Tribunal: TSJ Comunidad Valenciana

Ponente: MORENO DE VIANA-CARDENAS, ISABEL

Nº de sentencia: 2806/2020

Núm. Cendoj: 46250340012020102225

Núm. Ecli: ES:TSJCV:2020:4955

Núm. Roj: STSJ CV 4955/2020


Encabezamiento


1
Recurso de Suplicación 2894/19
TRIBUNAL SUPERIOR DE JUSTICIA
COMUNIDAD VALENCIANA
Sala de lo Social
Recurso de suplicación 002894/2019
Ilmas. Sras. e Ilmo. Sr.
Dª. Isabel Moreno de Viana Cárdenas, presidenta
Dª. Mercedes Boronat Tormo
D. Miguel Angel Beltrán Aleu
En Valencia, a catorce de julio de dos mil veinte.
La Sala de lo Social del Tribunal Superior de Justicia de la Comunidad Valenciana ha dictado la siguiente,
SENTENCIA NÚM. 002806/2020
En el recurso de suplicación 002894/2019, interpuesto contra la sentencia de fecha 20 de junio de 2019, dictada
por el JUZGADO DE LO SOCIAL Nº 3 DE CASTELLÓN DE LA PLANA, en los autos 000626/2018, seguidos sobre
grado invalidez, a instancia de D. Paulino , asistido por el Graduado social D. Ruben Claramonte Marti, contra
TESORERIA GENERAL DE LA SEGURIDAD SOCIAL e INSTITUTO NACIONAL DE LA SEGURIDAD SOCIAL, y en los
que es recurrente la parte demandada INSTITUTO NACIONAL DE LA SEGURIDAD SOCIAL, ha actuado como
ponente la Ilma. Sra. Dª. Isabel Moreno de Viana Cárdenas.

Antecedentes


PRIMERO.- La sentencia recurrida dice literalmente en su parte dispositiva: 'FALLO: Que estimando la demanda interpuesta por Paulino contra el INSTITUTO NACIONAL DE LA SEGURIDAD SOCIAL y la TESORERIA GENERAL DE LA SEGURIDAD SOCIAL, declaro que el demandante se encuentra en situación de incapacidad permanente absoluta, con origen en enfermedad común; y, en consecuencia, condeno a la Entidad Gestora a estar y pasar por esta declaración y a abonar al demandante una pensión vitalicia y mensual en la cuantía del 100% de la base reguladora de 2171,82euros mensuales, con los incrementos y los límites legales correspondientes y con efectos desde el día 6 de abril de 2018. '.

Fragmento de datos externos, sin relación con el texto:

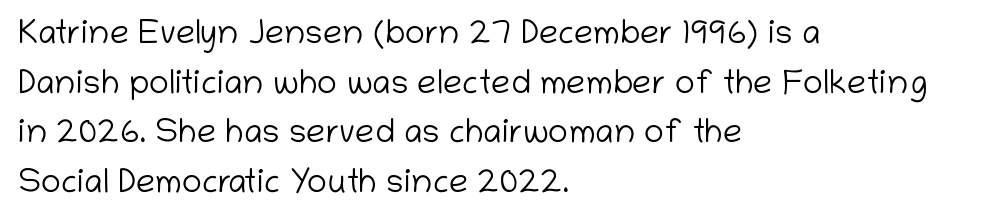
The image shows 34 px light sans-serif type, upright; set left-aligned, normal line spacing (1.46x), normal letter spacing, not underlined; low stroke contrast and a medium x-height.
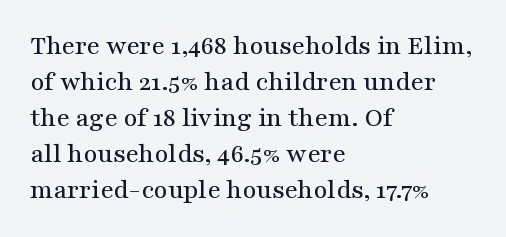
{"italic": "no", "underline": "no", "align": "left", "line_spacing": "normal", "line_spacing_ratio": 1.33, "letter_spacing": "normal", "letter_spacing_em": 0.0, "glyph_px": 27}

SEGUNDO.- En la citada sentencia se declaran como HECHOS PROBADOS los siguientes: '
PRIMERO.- El demandante, Paulino , nacido el NUM000 de 1961, con DNI n.º NUM001 , se encuentra afiliado a la Seguridad Social con el nº NUM002 , y en situación de alta o asimilado en el Régimen General de la Seguridad Social, siendo su profesión habitual la de director comercial y de ventas.

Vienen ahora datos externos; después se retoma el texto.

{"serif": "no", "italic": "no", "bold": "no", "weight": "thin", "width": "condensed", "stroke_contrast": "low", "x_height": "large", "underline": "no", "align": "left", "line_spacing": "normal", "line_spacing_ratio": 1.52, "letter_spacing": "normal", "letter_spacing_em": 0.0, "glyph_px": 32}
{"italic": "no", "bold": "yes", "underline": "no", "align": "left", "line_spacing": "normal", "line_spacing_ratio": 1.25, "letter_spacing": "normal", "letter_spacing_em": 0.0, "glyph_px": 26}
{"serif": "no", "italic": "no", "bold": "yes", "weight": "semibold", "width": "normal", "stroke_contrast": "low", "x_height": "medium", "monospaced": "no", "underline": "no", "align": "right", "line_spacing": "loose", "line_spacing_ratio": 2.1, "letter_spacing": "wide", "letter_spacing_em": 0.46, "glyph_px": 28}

SEGUNDO.- Por el INSS, previa situación de incapacidad temporal iniciada el 6 de abril de 2017, se inició el expediente nº NUM003 en el que se emitió dictamen propuesta por el Equipo de Valoración de Incapacidades el 6 de abril de 2018 en el que se establece como cuadro clínico residual '...CARCINOMA UROTELIAL VESICAL GRADO 2, TRATADO CON CISTOPROSTATECTOMIA RADICAL....'y consideraba limitaciones orgánicas y funcionales las siguientes '...Urovesicales oncológicas en remisión y postquirúrgicas con secuelas de ostomía..'. Se proponía la calificación del trabajador como incapacitado permanente en grado de total. El Director Provincial del INSS de Castellón el 4 de mayo de 2018 dictó resolución por la que se reconocía la incapacidad permanente en el grado de total para la profesión habitual en el Régimen General de la Seguridad Social.

TERCERO.- Contra tal resolución se presentó por el demandante reclamación previa el 18 de junio de 2018 que fue desestimada por resolución de 27 de junio de 2018 dictada por el Director Provincial del INSS de Castellón.

CUARTO.- El 31 de julio de 2018 se presentó demanda en el Decanato de los Juzgados de Castellón que fue turnada a esta Juzgado de lo Social.

QUINTO.- El demandante presenta dolencias urovesicales oncológicas en remisión y de carácter postquirúrgico con secuelas derivadas de la ostomía practicada. Tales dolencias le impiden afrontar la realidad laboral al carecer de las capacidades normales para mantener un rendimiento laboral continuado aceptable.

SEXTO.- La base reguladora de la prestación solicitada asciende a la cantidad de 2171,82 euros para la incapacidad absoluta con fecha de efectos de 6 de abril de 2018. '.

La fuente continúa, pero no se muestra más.